The significance of the study: Invasive species are often expected to benefit from novel conditions encountered with global change. Our range models based on demography show that invasive Alliaria petiolata (garlic mustard) may have much lower establishment in New England under future climate, despite prolific success under current climate, whereas other invasive and native plants may expand their ranges. Forecasts suggest that management should focus on inhibiting northward spread of A. petiolata into unoccupied areas and understanding source–sink population dynamics and how community dynamics might respond to loss of A. petiolata (it modifies soil properties). Our methods illustrate inadequacy of current approaches to forecasting invasions in progress, which are based on correlations between species’ occurrence and environment and illustrate critical need for mechanistic studies.

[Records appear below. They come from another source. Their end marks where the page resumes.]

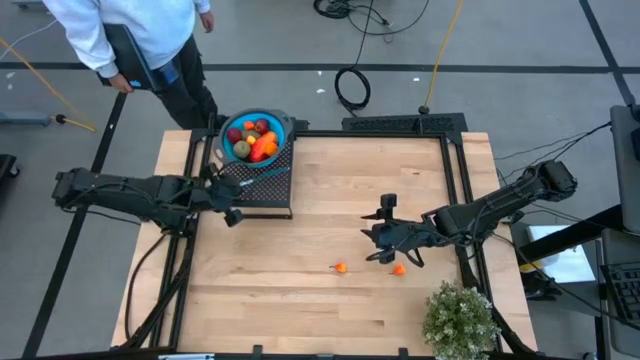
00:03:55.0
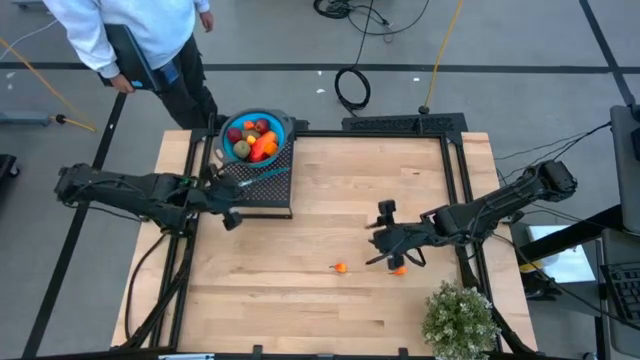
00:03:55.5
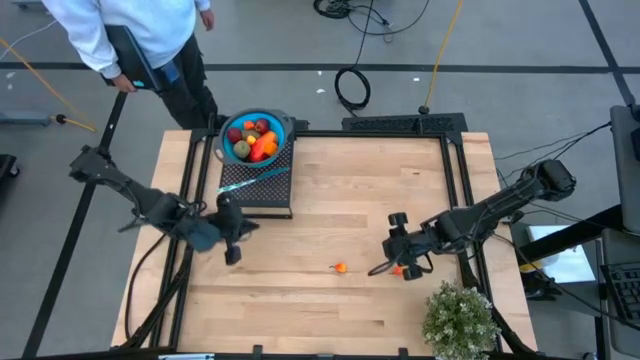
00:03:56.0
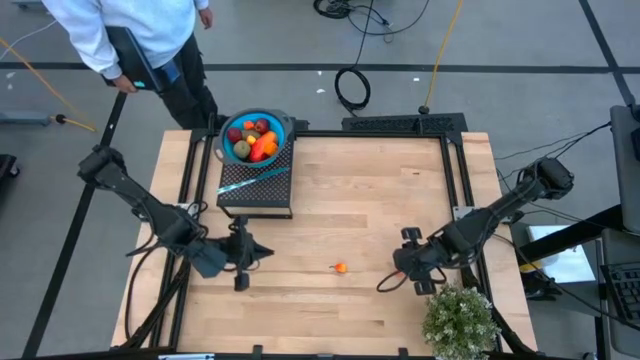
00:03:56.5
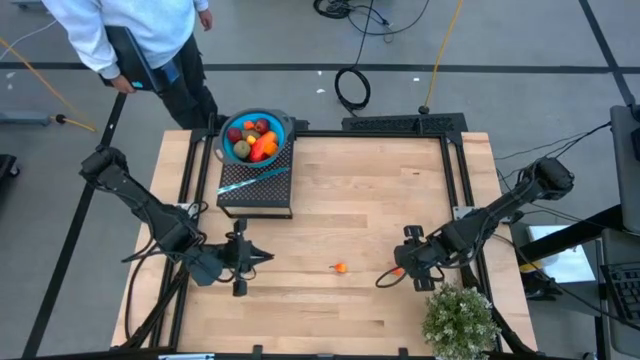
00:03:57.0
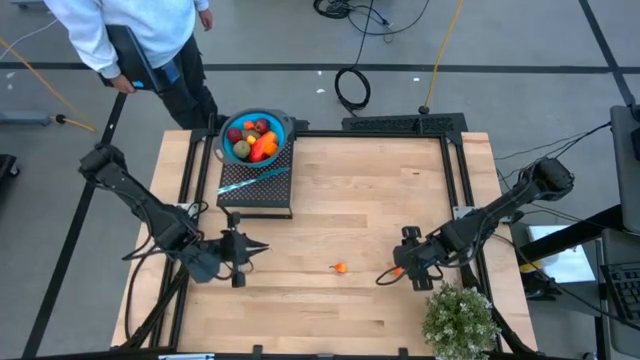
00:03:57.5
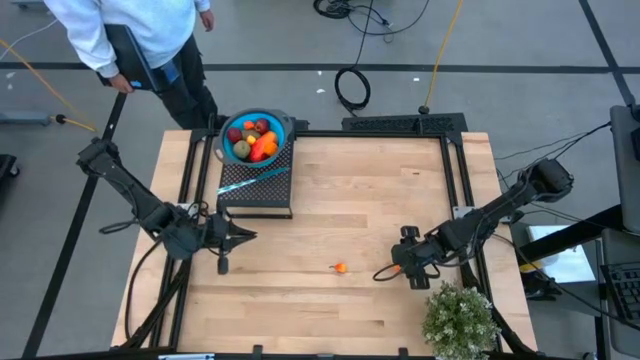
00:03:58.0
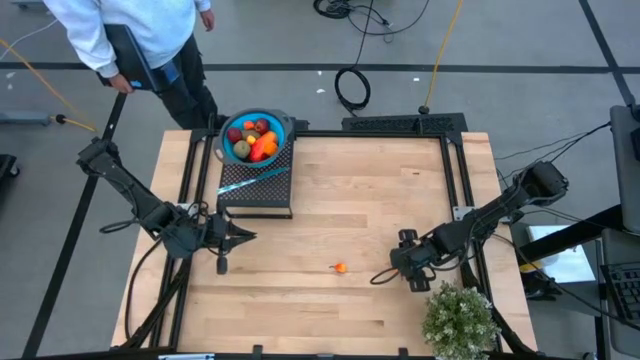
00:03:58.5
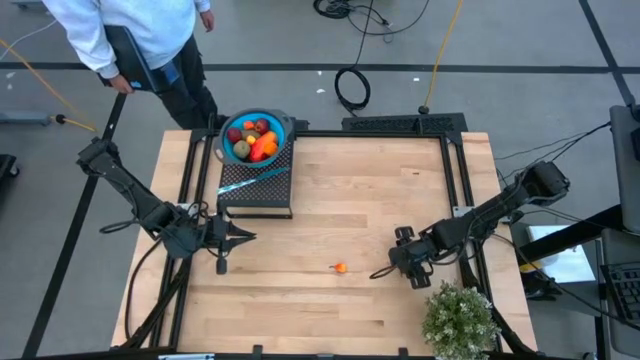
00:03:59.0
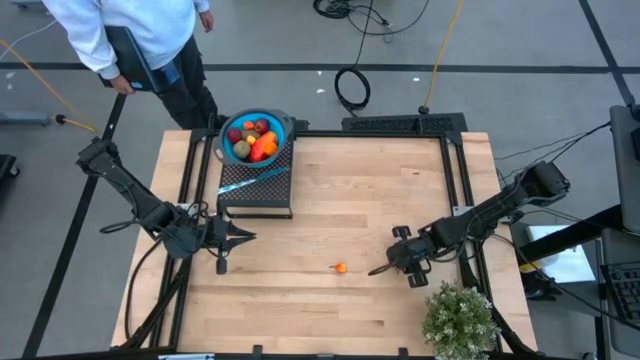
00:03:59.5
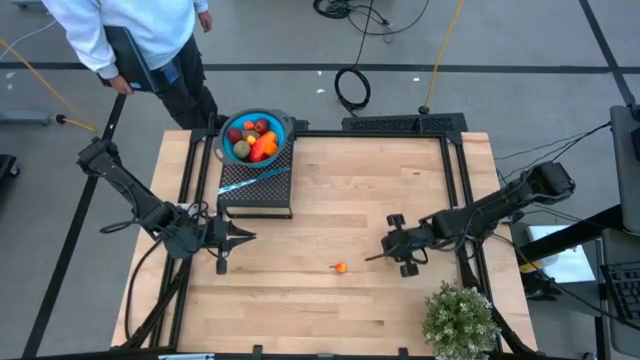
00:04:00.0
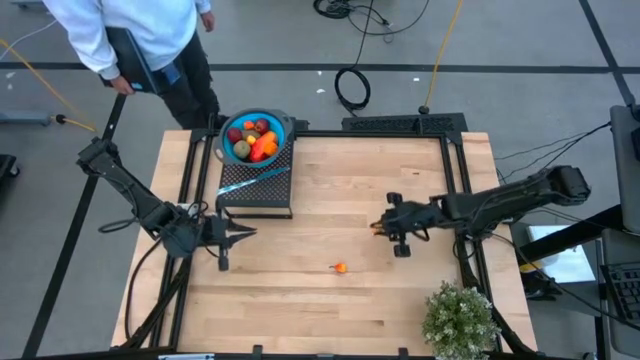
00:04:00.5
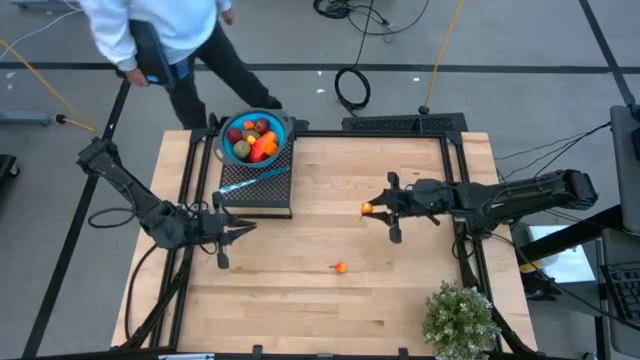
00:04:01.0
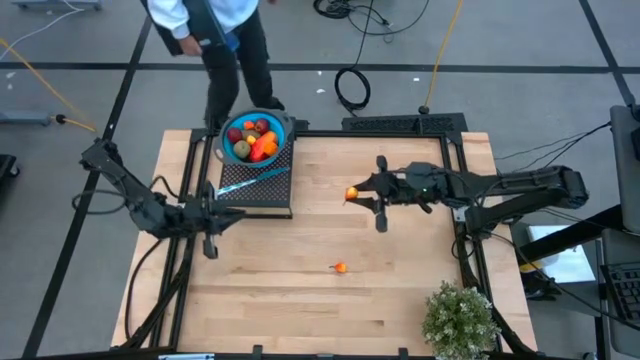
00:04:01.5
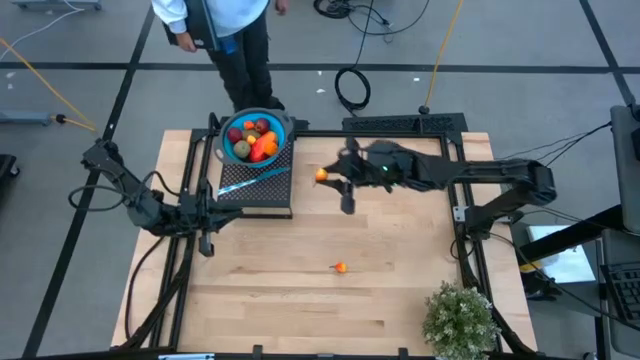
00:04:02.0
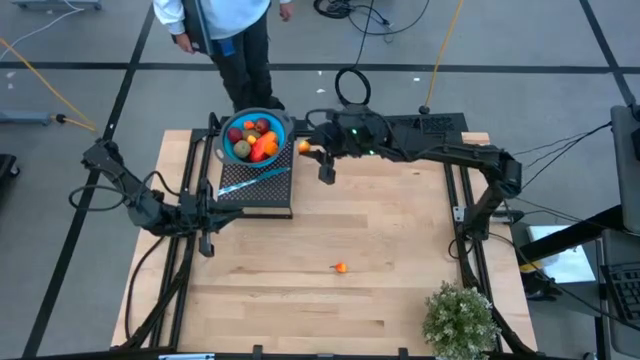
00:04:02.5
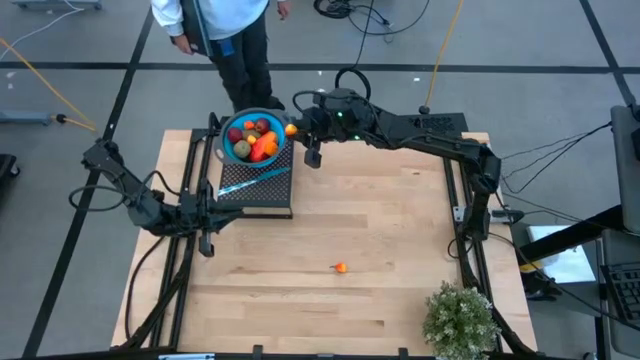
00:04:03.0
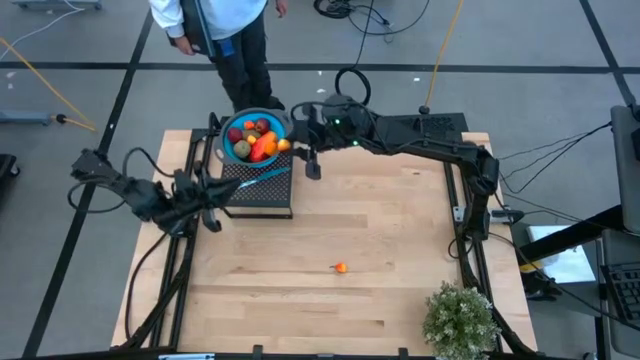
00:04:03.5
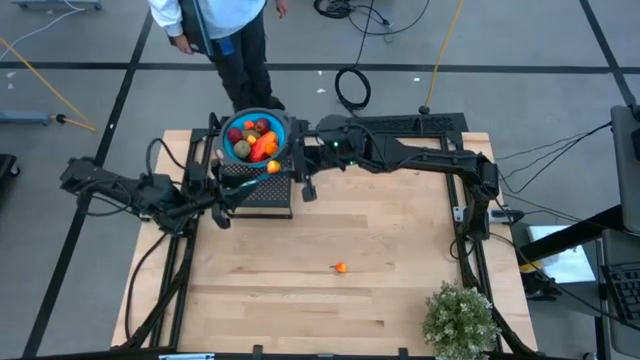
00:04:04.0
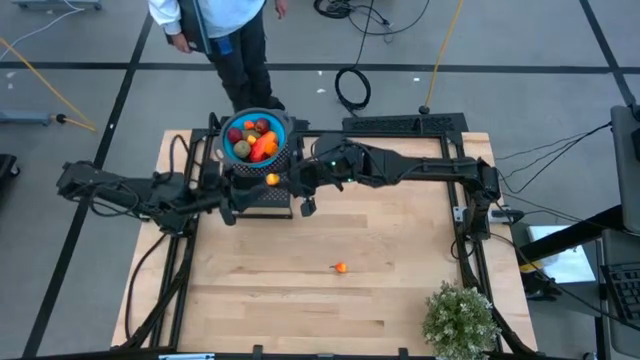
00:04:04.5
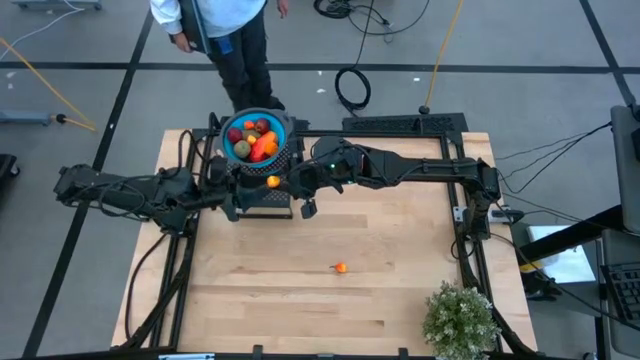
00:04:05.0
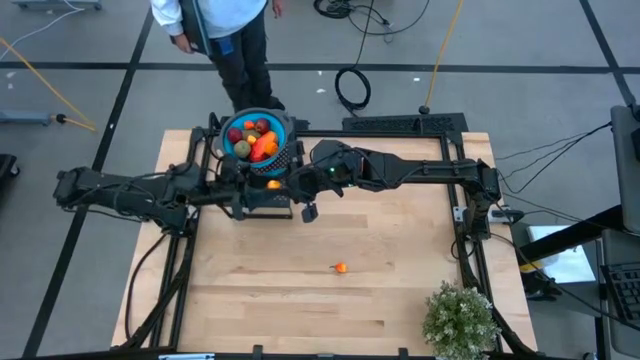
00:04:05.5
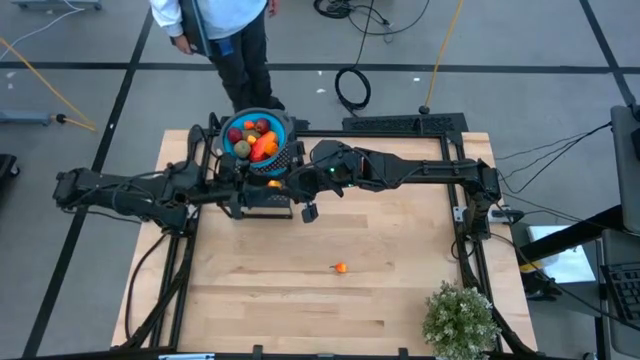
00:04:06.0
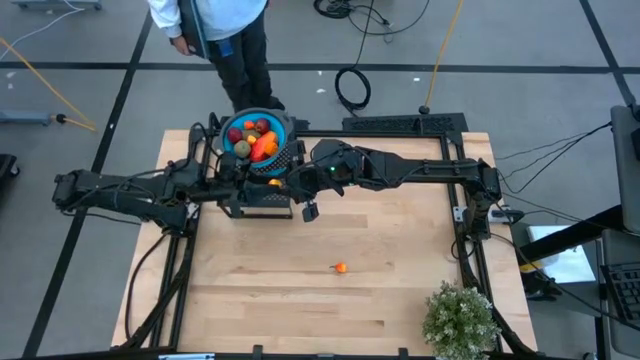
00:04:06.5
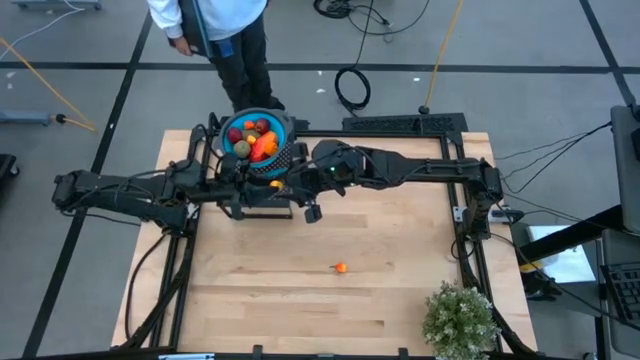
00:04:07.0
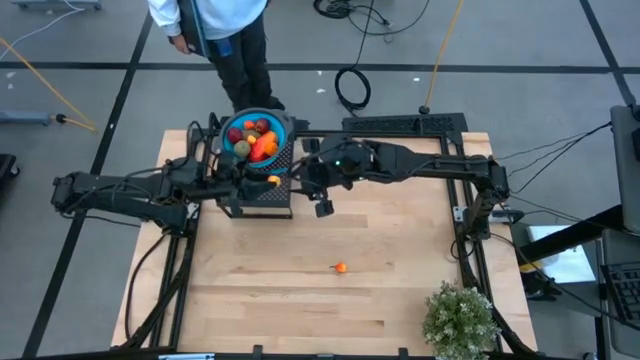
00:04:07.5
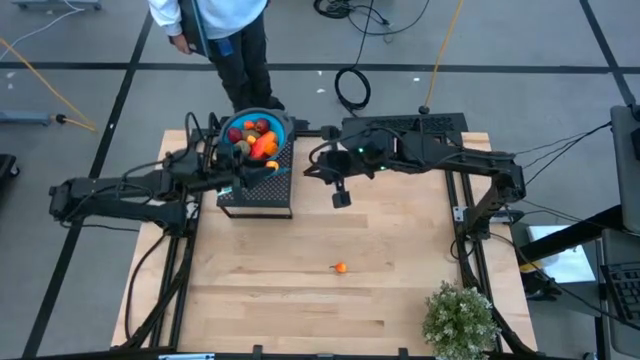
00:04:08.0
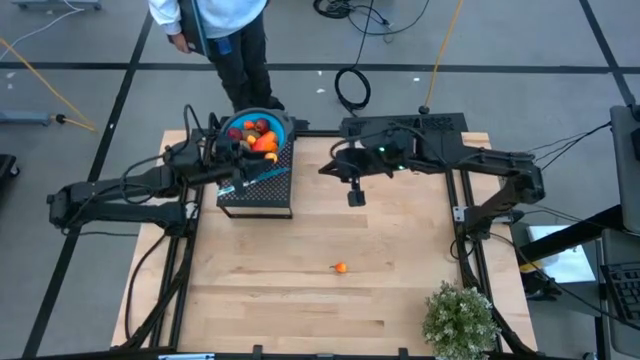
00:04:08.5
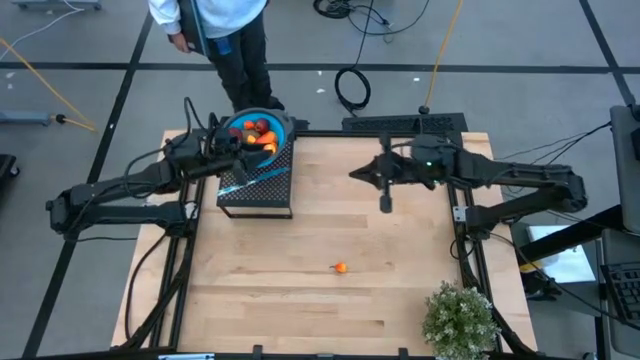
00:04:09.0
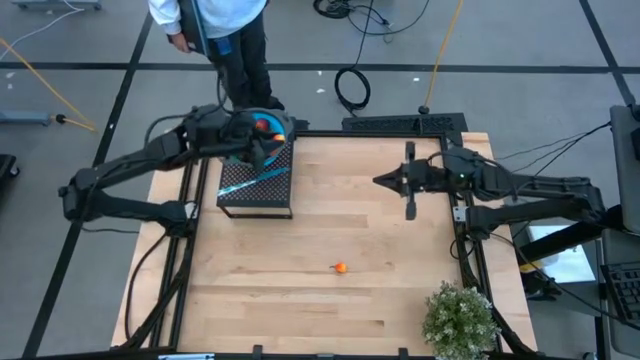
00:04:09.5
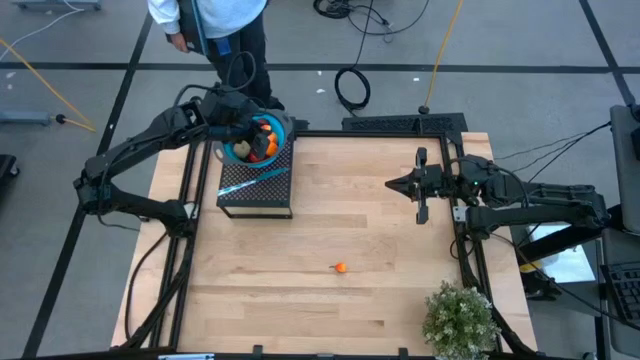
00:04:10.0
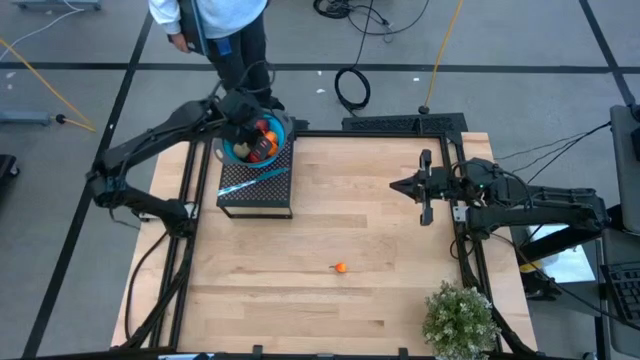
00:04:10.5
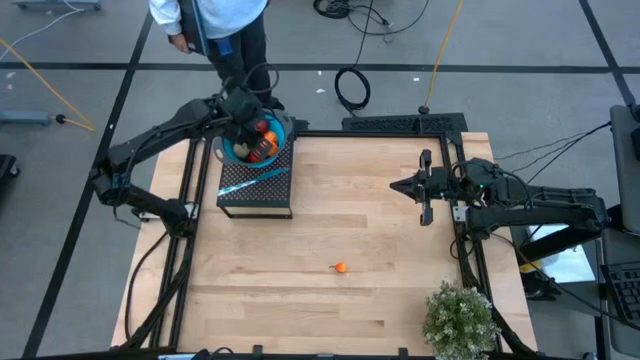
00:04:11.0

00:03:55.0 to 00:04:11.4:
Task: Pick & Place Fruit
Put the yellow pear into the blue strainer bowl on the shelf

Nora Mitchell, who defended her dissertation this week, lead a study on the radiation of the charismatic South African genus Protea L., which appeared in the American Journal of Botany.

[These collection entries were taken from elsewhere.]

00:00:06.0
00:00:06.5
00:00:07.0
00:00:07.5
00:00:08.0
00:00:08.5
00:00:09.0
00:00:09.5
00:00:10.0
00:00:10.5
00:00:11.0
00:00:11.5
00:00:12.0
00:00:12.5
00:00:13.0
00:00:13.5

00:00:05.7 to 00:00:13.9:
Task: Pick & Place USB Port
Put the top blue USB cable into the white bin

Mitchell N., P.O. Lewis, E.M. Lemmon, A.R. Lemmon & K.E. Holsinger. 2017. Anchored phylogenomics improves the resolution of evolutionary relationships in the rapid radiation of Protea L. American Journal of Botany 104: 102–115. pdf

The abstract reads: PREMISE OF THE STUDY: Estimating phylogenetic relationships in relatively recent evolutionary radiations is challenging, especially if short branches associated with recent divergence result in multiple gene tree histories. We combine anchored enrichment next-generation sequencing with species tree analyses to produce a robust estimate of phylogenetic relationships in the genus Protea (Proteaceae), an iconic radiation in South Africa.

METHODS: We sampled multiple individuals within 59 out of 112 species of Protea and 6 outgroup species for a total of 163 individuals, and obtained sequences for 498 low-copy, orthologous nuclear loci using anchored phylogenomics. We compare several approaches for building species trees, and explore gene tree–species tree discrepancies to determine whether poor phylogenetic resolution reflects a lack of informative sites, incomplete lineage sorting, or hybridization.

KEY RESULTS: Phylogenetic estimates from species tree approaches are similar to one another and recover previously well-supported clades within Protea, in addition to providing well-supported phylogenetic hypotheses for previously poorly resolved intrageneric relationships. Individual gene trees are markedly different from one another and from species trees. Nonetheless, analyses indicate that differences among gene trees occur primarily concerning clades supported by short branches.

CONCLUSIONS: Species tree methods using hundreds of nuclear loci provided strong support for many previously unresolved relationships in the radiation of the genus Protea. In cases where support for particular relationships remains low, these appear to arise from few informative sites and lack of information rather than strongly supported disagreement among gene trees.